[Collected data entries]
+ + + + + + +

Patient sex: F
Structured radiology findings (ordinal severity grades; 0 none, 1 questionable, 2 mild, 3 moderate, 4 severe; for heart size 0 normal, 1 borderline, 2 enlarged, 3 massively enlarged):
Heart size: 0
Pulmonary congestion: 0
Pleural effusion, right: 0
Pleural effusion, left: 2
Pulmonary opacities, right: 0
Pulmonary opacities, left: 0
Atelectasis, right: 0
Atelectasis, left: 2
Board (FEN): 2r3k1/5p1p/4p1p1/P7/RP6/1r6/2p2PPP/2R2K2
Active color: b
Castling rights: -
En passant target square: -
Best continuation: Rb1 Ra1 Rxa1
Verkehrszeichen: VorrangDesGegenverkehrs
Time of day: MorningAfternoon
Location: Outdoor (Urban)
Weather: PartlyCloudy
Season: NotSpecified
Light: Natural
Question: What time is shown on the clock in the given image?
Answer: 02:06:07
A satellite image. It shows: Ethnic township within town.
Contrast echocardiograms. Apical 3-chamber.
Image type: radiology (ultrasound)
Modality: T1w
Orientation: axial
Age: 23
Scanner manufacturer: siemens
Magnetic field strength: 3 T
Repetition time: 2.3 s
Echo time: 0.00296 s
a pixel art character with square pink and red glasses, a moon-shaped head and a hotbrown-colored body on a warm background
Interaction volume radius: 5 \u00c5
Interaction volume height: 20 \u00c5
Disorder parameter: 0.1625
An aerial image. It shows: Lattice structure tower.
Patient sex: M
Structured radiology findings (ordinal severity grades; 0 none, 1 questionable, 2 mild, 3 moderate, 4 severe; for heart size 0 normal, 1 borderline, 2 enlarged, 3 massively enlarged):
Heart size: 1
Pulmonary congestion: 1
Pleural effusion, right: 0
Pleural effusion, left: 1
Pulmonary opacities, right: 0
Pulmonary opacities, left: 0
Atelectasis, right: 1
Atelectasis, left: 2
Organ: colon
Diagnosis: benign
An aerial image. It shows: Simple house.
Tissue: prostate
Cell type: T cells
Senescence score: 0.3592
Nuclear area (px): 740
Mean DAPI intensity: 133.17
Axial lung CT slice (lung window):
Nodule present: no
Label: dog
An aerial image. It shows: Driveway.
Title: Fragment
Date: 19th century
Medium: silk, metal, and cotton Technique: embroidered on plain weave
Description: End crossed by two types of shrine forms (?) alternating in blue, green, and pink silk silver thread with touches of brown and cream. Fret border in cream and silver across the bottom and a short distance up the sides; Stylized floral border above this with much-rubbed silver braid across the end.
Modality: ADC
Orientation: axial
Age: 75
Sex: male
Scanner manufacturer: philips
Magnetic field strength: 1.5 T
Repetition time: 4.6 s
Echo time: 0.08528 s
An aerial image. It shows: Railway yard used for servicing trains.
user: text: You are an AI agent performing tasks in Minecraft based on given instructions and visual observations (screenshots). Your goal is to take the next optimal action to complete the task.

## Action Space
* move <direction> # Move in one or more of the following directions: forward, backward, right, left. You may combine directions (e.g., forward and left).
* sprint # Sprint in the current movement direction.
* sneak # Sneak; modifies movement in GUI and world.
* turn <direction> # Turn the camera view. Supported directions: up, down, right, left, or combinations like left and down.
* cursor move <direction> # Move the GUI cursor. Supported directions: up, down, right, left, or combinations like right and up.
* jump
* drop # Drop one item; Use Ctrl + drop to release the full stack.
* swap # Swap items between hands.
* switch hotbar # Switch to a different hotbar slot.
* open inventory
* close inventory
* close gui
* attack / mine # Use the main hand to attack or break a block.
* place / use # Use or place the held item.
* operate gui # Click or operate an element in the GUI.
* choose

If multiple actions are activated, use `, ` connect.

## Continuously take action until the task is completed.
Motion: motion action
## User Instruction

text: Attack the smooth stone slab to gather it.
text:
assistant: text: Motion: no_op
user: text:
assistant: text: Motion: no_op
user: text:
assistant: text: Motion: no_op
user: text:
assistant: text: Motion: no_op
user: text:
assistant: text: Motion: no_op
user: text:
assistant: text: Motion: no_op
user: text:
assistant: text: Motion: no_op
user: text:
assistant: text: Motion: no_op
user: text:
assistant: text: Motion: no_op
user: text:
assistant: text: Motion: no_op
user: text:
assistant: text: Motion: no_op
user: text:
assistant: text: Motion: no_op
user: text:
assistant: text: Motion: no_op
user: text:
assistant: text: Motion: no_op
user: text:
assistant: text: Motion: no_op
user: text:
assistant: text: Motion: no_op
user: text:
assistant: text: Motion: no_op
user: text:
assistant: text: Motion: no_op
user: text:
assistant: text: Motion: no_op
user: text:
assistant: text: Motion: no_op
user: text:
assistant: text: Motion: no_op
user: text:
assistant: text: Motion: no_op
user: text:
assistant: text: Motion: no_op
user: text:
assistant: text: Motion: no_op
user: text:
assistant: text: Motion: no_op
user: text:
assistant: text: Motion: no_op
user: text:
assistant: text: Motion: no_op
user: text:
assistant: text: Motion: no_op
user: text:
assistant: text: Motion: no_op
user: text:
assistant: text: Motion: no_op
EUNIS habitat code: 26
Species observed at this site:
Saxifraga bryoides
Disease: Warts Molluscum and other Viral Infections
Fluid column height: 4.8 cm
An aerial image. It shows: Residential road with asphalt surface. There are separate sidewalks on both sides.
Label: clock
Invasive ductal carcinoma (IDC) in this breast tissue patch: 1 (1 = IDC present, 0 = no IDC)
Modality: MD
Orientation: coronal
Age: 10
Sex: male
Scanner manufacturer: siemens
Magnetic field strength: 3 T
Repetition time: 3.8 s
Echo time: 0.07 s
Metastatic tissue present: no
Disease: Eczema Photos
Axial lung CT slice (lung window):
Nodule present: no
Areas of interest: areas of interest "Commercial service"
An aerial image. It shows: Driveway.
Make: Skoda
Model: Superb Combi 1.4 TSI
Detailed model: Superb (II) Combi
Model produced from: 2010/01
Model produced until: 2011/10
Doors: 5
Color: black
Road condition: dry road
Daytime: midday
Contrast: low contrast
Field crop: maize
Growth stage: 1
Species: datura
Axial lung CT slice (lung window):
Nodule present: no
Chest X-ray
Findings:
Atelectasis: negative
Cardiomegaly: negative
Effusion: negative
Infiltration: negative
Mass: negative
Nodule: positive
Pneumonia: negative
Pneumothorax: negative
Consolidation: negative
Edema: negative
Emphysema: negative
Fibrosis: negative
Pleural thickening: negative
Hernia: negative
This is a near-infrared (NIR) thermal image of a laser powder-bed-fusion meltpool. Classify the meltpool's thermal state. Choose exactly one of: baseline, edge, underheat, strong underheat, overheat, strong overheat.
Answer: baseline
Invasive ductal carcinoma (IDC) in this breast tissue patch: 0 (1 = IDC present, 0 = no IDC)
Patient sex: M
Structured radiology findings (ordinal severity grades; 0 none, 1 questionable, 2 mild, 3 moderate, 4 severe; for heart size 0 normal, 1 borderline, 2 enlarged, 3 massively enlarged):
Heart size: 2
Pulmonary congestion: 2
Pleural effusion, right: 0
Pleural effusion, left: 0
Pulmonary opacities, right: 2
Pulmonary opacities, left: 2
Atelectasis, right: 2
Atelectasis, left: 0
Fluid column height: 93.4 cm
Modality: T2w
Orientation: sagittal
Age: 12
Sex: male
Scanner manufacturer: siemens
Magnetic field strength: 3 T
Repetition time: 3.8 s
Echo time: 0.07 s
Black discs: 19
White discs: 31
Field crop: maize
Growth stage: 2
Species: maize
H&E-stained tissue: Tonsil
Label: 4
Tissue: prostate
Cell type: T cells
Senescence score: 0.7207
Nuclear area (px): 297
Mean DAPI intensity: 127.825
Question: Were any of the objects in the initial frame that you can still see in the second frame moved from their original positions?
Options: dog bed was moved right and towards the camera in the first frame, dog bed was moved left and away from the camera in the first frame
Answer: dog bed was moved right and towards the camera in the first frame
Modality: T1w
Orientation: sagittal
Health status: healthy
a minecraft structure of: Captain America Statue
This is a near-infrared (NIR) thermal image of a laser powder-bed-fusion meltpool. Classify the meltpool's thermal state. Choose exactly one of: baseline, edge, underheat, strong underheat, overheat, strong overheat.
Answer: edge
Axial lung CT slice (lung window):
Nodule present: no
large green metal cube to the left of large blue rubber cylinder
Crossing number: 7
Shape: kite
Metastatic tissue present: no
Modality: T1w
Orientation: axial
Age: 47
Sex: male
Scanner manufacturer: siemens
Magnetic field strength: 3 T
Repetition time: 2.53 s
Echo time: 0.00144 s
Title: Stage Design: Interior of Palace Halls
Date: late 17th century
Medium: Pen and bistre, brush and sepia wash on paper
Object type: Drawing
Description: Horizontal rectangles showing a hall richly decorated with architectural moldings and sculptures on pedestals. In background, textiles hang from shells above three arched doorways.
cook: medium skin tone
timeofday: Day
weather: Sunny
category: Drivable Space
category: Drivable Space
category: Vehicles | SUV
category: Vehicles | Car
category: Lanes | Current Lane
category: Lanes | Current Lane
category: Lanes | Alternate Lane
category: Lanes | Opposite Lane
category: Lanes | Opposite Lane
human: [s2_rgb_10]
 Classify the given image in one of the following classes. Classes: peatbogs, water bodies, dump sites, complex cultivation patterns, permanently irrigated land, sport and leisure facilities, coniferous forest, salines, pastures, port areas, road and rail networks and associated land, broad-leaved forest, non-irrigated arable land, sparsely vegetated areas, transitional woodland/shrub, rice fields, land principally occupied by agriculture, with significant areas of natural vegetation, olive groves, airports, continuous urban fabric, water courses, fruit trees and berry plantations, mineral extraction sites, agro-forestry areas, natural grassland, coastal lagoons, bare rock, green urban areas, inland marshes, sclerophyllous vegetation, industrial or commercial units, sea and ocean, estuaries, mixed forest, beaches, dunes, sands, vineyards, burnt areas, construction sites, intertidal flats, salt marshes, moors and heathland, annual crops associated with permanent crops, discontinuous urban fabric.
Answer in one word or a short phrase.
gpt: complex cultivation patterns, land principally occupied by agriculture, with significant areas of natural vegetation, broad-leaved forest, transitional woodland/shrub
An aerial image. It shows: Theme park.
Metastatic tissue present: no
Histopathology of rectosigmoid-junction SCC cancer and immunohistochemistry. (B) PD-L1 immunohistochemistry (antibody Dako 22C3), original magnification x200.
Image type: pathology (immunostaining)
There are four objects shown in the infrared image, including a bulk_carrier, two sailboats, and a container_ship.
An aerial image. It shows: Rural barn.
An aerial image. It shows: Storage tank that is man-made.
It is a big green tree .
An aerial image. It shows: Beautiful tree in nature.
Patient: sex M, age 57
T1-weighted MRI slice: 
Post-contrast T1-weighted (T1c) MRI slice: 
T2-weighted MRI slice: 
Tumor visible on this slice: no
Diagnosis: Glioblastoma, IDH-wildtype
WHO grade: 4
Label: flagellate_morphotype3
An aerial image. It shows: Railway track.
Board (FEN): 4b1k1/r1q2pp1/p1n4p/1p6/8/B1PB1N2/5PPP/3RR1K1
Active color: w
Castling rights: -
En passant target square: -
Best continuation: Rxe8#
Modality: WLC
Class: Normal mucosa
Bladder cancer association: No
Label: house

+ + + + + + +

**Work request:**
Your answer should consist only of the lines above between the line holding "Pleural effusion, left: 2" and the line holding "Repetition time: 2.3 s", inclusive, each transcribed exactly.

**Answer box:**
Pleural effusion, left: 2
Pulmonary opacities, right: 0
Pulmonary opacities, left: 0
Atelectasis, right: 0
Atelectasis, left: 2
Board (FEN): 2r3k1/5p1p/4p1p1/P7/RP6/1r6/2p2PPP/2R2K2
Active color: b
Castling rights: -
En passant target square: -
Best continuation: Rb1 Ra1 Rxa1
Verkehrszeichen: VorrangDesGegenverkehrs
Time of day: MorningAfternoon
Location: Outdoor (Urban)
Weather: PartlyCloudy
Season: NotSpecified
Light: Natural
Question: What time is shown on the clock in the given image?
Answer: 02:06:07
A satellite image. It shows: Ethnic township within town.
Contrast echocardiograms. Apical 3-chamber.
Image type: radiology (ultrasound)
Modality: T1w
Orientation: axial
Age: 23
Scanner manufacturer: siemens
Magnetic field strength: 3 T
Repetition time: 2.3 s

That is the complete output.